When several tests should share the same fixture lifecycle, promote their directory to a suite. Add suite: to the directory’s test.yaml and keep the fixture selection alongside the other defaults:

tests/http/test.yaml
suite: smoke-http
fixtures: [http]
timeout: 45
retry: 2

Key behaviour:

  • Suites are directory-scoped. Once a test.yaml declares suite, every test in that directory and its subdirectories joins automatically. Move the scenarios that should remain independent into a sibling directory.
  • Suites run sequentially on a single worker. The harness activates the shared fixtures once, executes members in lexicographic order of their relative paths, and tears the fixtures down afterwards. Other suites (and standalone tests) still run in parallel when --jobs allows it.
  • Per-test frontmatter cannot introduce suite, and suite members may not define their own fixtures or retry. Keep those policies in the directory defaults so every member agrees on the shared lifecycle. Outside a suite, frontmatter can still set fixtures, retry, or timeout as before.
  • Tests can override other keys (for example inputs: or additional metadata) on a per-file basis when necessary.

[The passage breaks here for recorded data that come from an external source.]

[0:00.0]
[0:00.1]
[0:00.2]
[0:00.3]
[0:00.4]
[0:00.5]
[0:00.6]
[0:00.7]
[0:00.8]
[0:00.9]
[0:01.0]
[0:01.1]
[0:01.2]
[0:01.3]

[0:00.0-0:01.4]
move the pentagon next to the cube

Run the http directory that defines the suite when you iterate on it:

Terminal window
uvx tenzir-test tests/http

Selecting a single file inside that suite fails fast with a descriptive error, which keeps the fixture lifecycle predictable and prevents partial runs from leaving shared state behind.

When you switch to the Python runner you can drive fixtures manually. The controller API makes it easy to start, stop, or even crash the same node fixture inside a single test:

# runner: python
# fixtures: [node]
import signal
# Context-manager style: `with` automatically calls `start()` and `stop()` on
# the fixture.
with acquire_fixture("node") as node:
tenzir = Executor.from_env(node.env)
tenzir.run("remove { version }") # talk to the running node
# Without the context manager, you need to call `start()` and `stop()` manually.
node.start()
Executor.from_env(node.env).run("version")
node.stop()

This imperative style complements the declarative fixtures: [node] flow and is especially useful for fault-injection scenarios. The harness preloads helpers like acquire_fixture, Executor, and fixtures(), so Python-mode tests can call them directly.

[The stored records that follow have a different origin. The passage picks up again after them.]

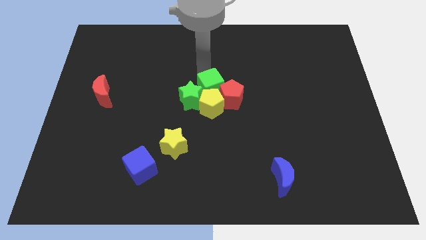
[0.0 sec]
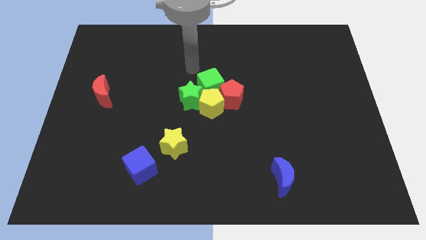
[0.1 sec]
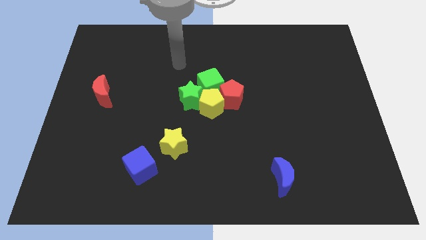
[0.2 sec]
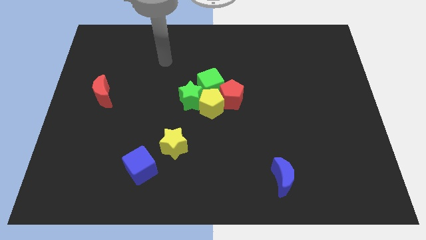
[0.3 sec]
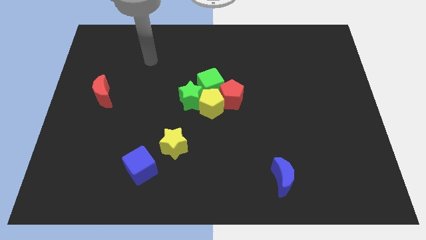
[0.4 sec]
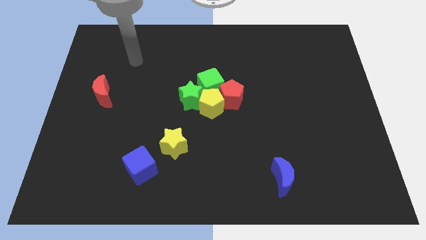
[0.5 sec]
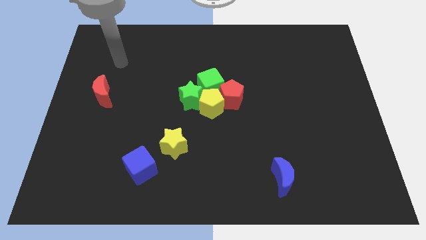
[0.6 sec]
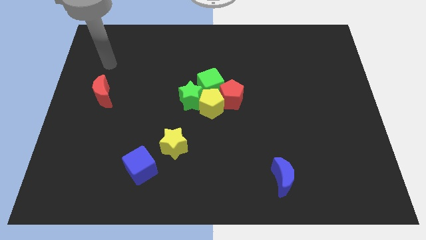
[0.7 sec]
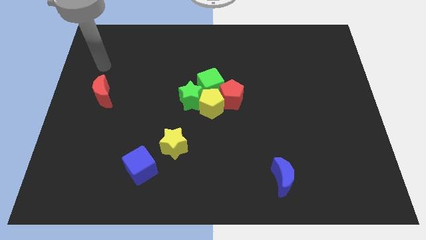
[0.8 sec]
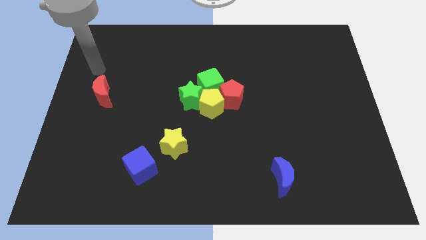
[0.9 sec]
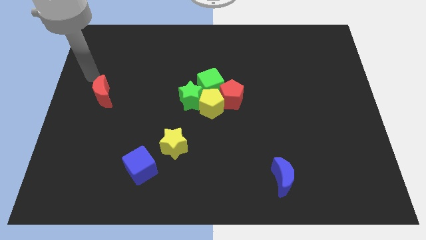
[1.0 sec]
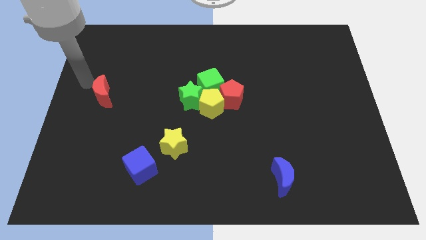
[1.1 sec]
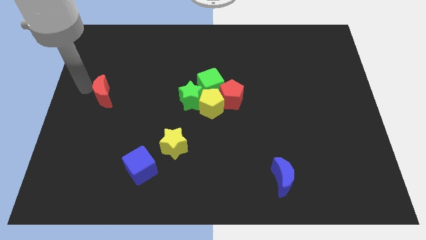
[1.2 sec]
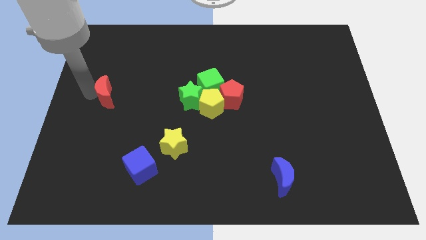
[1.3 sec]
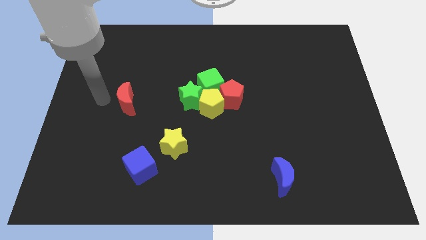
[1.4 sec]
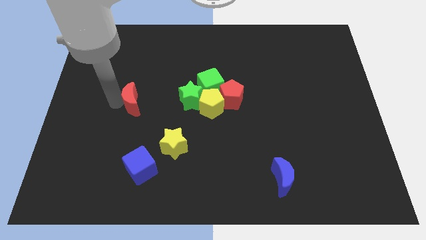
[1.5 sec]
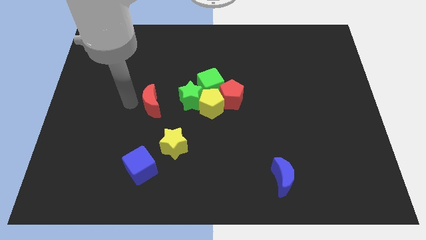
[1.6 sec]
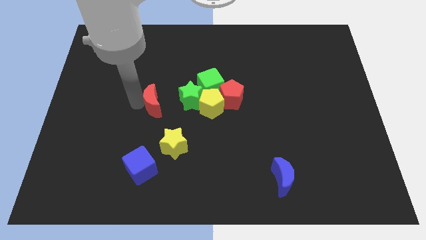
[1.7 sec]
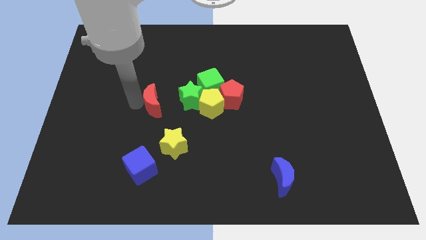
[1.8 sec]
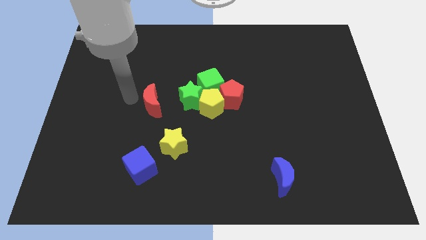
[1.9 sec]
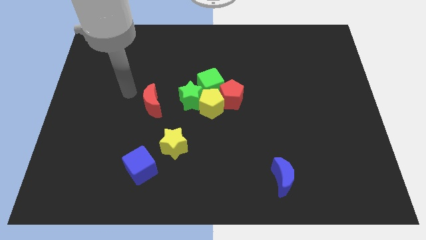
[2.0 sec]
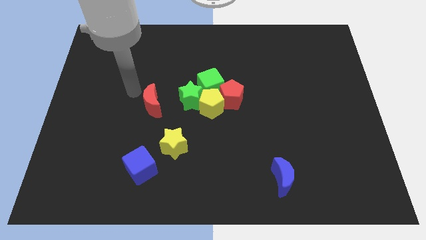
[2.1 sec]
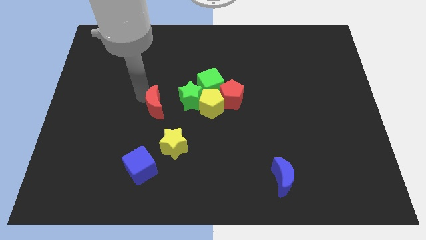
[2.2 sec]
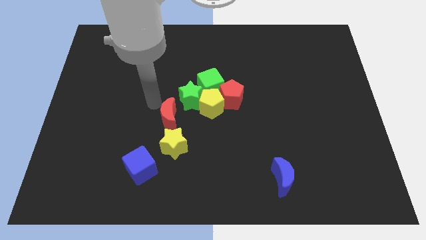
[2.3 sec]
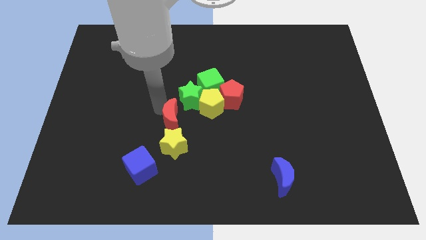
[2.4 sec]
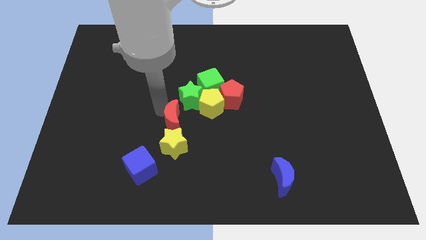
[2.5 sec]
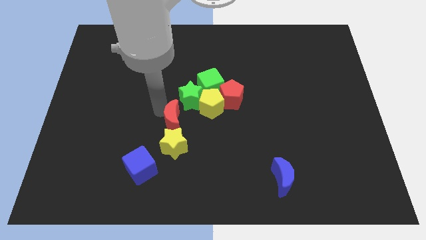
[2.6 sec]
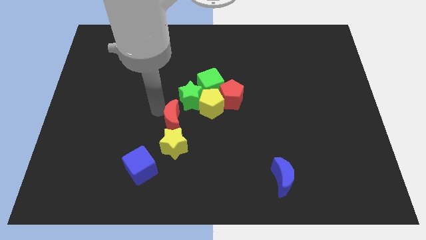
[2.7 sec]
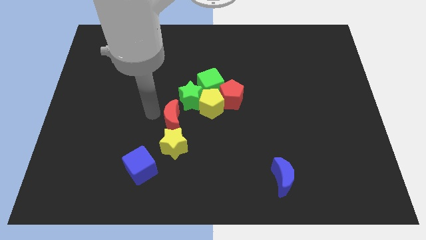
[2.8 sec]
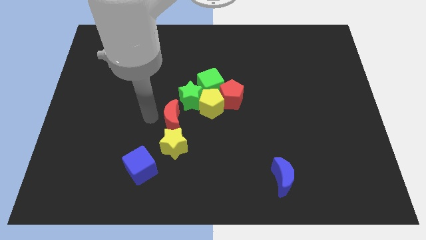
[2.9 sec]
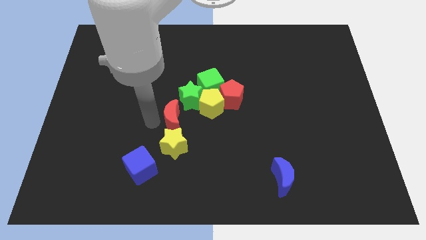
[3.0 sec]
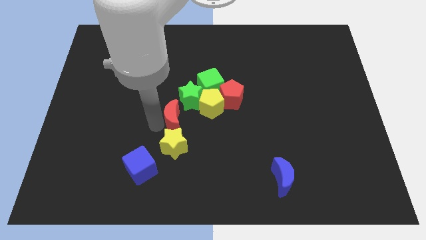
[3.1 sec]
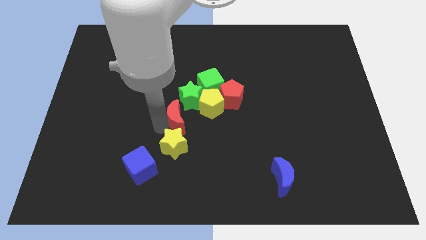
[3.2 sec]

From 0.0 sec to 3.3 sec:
move the red crescent above to the yellow star

When you restart the same controller, the node keeps using the state and cache directories it created during the first start(). Those paths (exported via TENZIR_NODE_STATE_DIRECTORY and TENZIR_NODE_CACHE_DIRECTORY) live inside the test’s scratch directory by default and are cleaned up automatically when the controller goes out of scope. Acquire a fresh controller when you need a brand new workspace.

As suites grow, you can extract shared configuration into directory-level defaults. Place a tests/node/test.yaml file with convenient settings:

fixtures: [node]
timeout: 120
# Optional: reuse datasets that live in tests/data/ instead of the project root.
inputs: ../data

The harness merges this mapping into every test under tests/node/. Relative paths resolve against the directory that owns the YAML file, so inputs: ../data points at tests/data/. Individual files still override keys in their frontmatter when necessary.

You now have a project that owns its inputs, tests, fixtures, and baselines. From here you can:

  • Run tests to learn about executing the suite, selecting tests, and setting up CI.
  • Add custom runners under runners/ when you need specialized logic around tenzir invocations.
  • Build Python fixtures that publish or verify data through the helper APIs in tenzir_test.fixtures.
  • Explore coverage collection by passing --coverage to the harness.

Refer back to the test framework reference whenever you need deeper details about runners, fixtures, or configuration knobs.